Postby Anonymous User » Tue Dec 06, 2011 10:24 pm

johansantana21 wrote:So this means without URM/IP/Great WE, you would have to be significantly better than median?


First, always think of finding a “good” job as a probability, never a certainty. All you can do, and should do, is maximize your probability. Some things you can change, others you can’t.

Think of it in terms of multipliers and attempts. The most important multiplier – for most people at a given school – will be their GPA. So you’d come up with a multiplier for class rank and then apply it to your number of OCI screeners. So, everything else neutral, if you’re top 33% exactly, we’ll say that your chance of getting an offer from any particular screeners is 1/8, or 7/8 that you don’t get it (I’m making these numbers up, guessing from experience of c/o 2011 OCI). If you get 15 screeners, the probability that you won’t get any offer from OCI is 13%. If you got 30 screeners, that drops to 2%! If you’re top ten percent, your chance of any particular screener might be 1/3. With even 15 screeners, the likelihood would drop down close to zero. Conversely, if you’re bottom 1/3 it might be 1/70, giving you a 81% chance of no offer with 15 screeners and a 65% chance of no offer if you get 30 screeners.

This number however, then needs to be adjusted for wildcards. These include IP, WE, URM, nepotism, but also networking and smart bidding and mass mailing, how well you interview, etc. Not for statistical reasons, but I’d break it down into and narrative and other traits. People like to say interview well, but what does that mean? You’re outgoing and charismatic, or that you researched your firms well and you can speak confidently and intelligently to your interests in that firm and practice area? This is why I say narrative – it’s everything that determines how well you do in an interview, and I actually think WE goes into this. So it’s how well you can pitch yourself and then other things you bring to the table, IP, URM, nepotism. So now take your OCI probability of not getting a job and raise to your own personal multiplier. Figure that the absolute average t-14 person is a 1. If your father is GC of a fortune 500 and you can bring a big book of business with you, raise your probability of not getting a job perhaps to the 5th power. Maybe an IP background squares or cubes it. If you panic in interviews, your number might be a .3. Maybe you’re IP, but panic in interviews – perhaps these cancel each other out and you’re back to your 1, i.e., the base OCI percentage.

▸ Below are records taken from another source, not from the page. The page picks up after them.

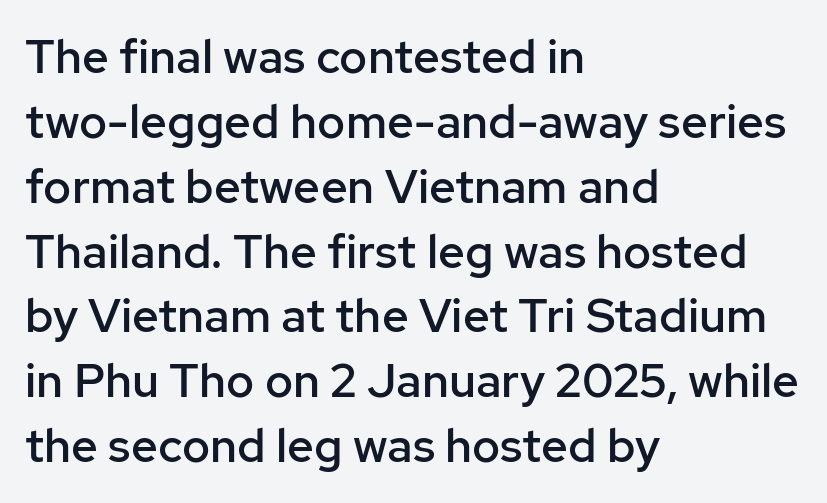
The image shows 47 px semibold sans-serif type, upright; set left-aligned, normal line spacing (1.38x), normal letter spacing, not underlined; low stroke contrast and a medium x-height.
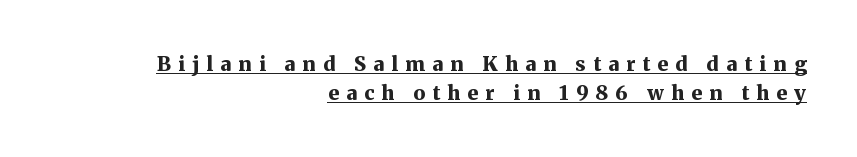
The image shows 20 px bold type, upright; set right-aligned, normal line spacing (1.45x), unusually wide letter spacing (+0.36 em), underlined.
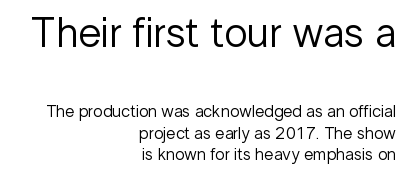
The image shows 42 px regular-weight sans-serif type, upright; set right-aligned, normal line spacing (1.27x), normal letter spacing, not underlined; the first (top) block is 2.47x larger; low stroke contrast and a medium x-height.
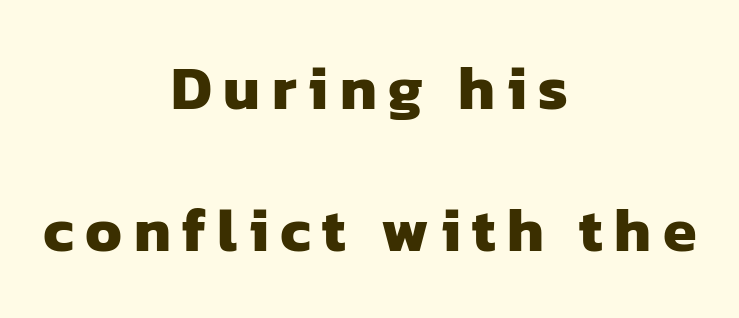
{"serif": "no", "bold": "yes", "weight": "heavy", "width": "normal", "stroke_contrast": "low", "x_height": "medium", "monospaced": "no", "underline": "no", "align": "center", "line_spacing": "loose", "line_spacing_ratio": 2.33, "glyph_px": 61}
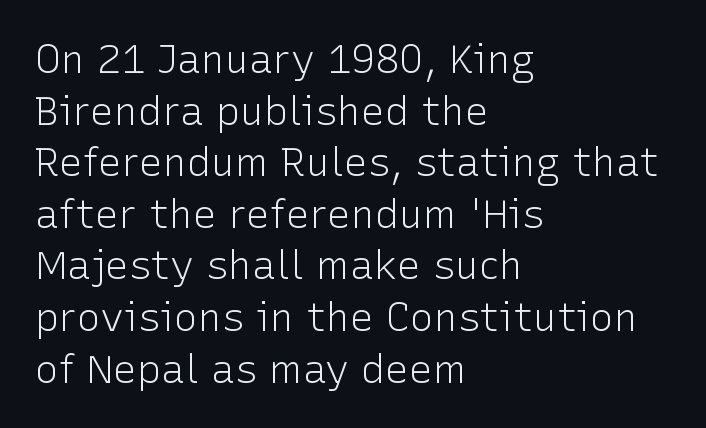
The image shows 40 px light sans-serif type, upright; set left-aligned, normal line spacing (1.29x), normal letter spacing, not underlined; low stroke contrast and a medium x-height.

Take the bottom third and top third candidates above. If the bottom third had and IP back ground (saying this is a 3 multiplier) his chance of not getting a job with 15 screeners becomes 53% -- [(69/70) ^15] ^3. Or 25% --- [(69/70) ^30] ^3 --- with 30 screeners. Conversely, if the top third interviews poorly, but not abysmally, we’ll say his multiplier is .5. He now has a 36% chance --- [(7/8) ^15] ^.5 --- of leaving OCI with no offer with 15 screeners or a 14% chance with 30 screeners --- [(7/8) ^30] ^.5.

You could then do the same for mass mailings, other events, etc. For mass mailings with median grades, however, the chance of any given mailing resulting in an offer might be 1/500, but you can also do 300 of them. Thus, without taking into account your wildcard factors, your probability of not getting an offer from mass mailings would be 55%.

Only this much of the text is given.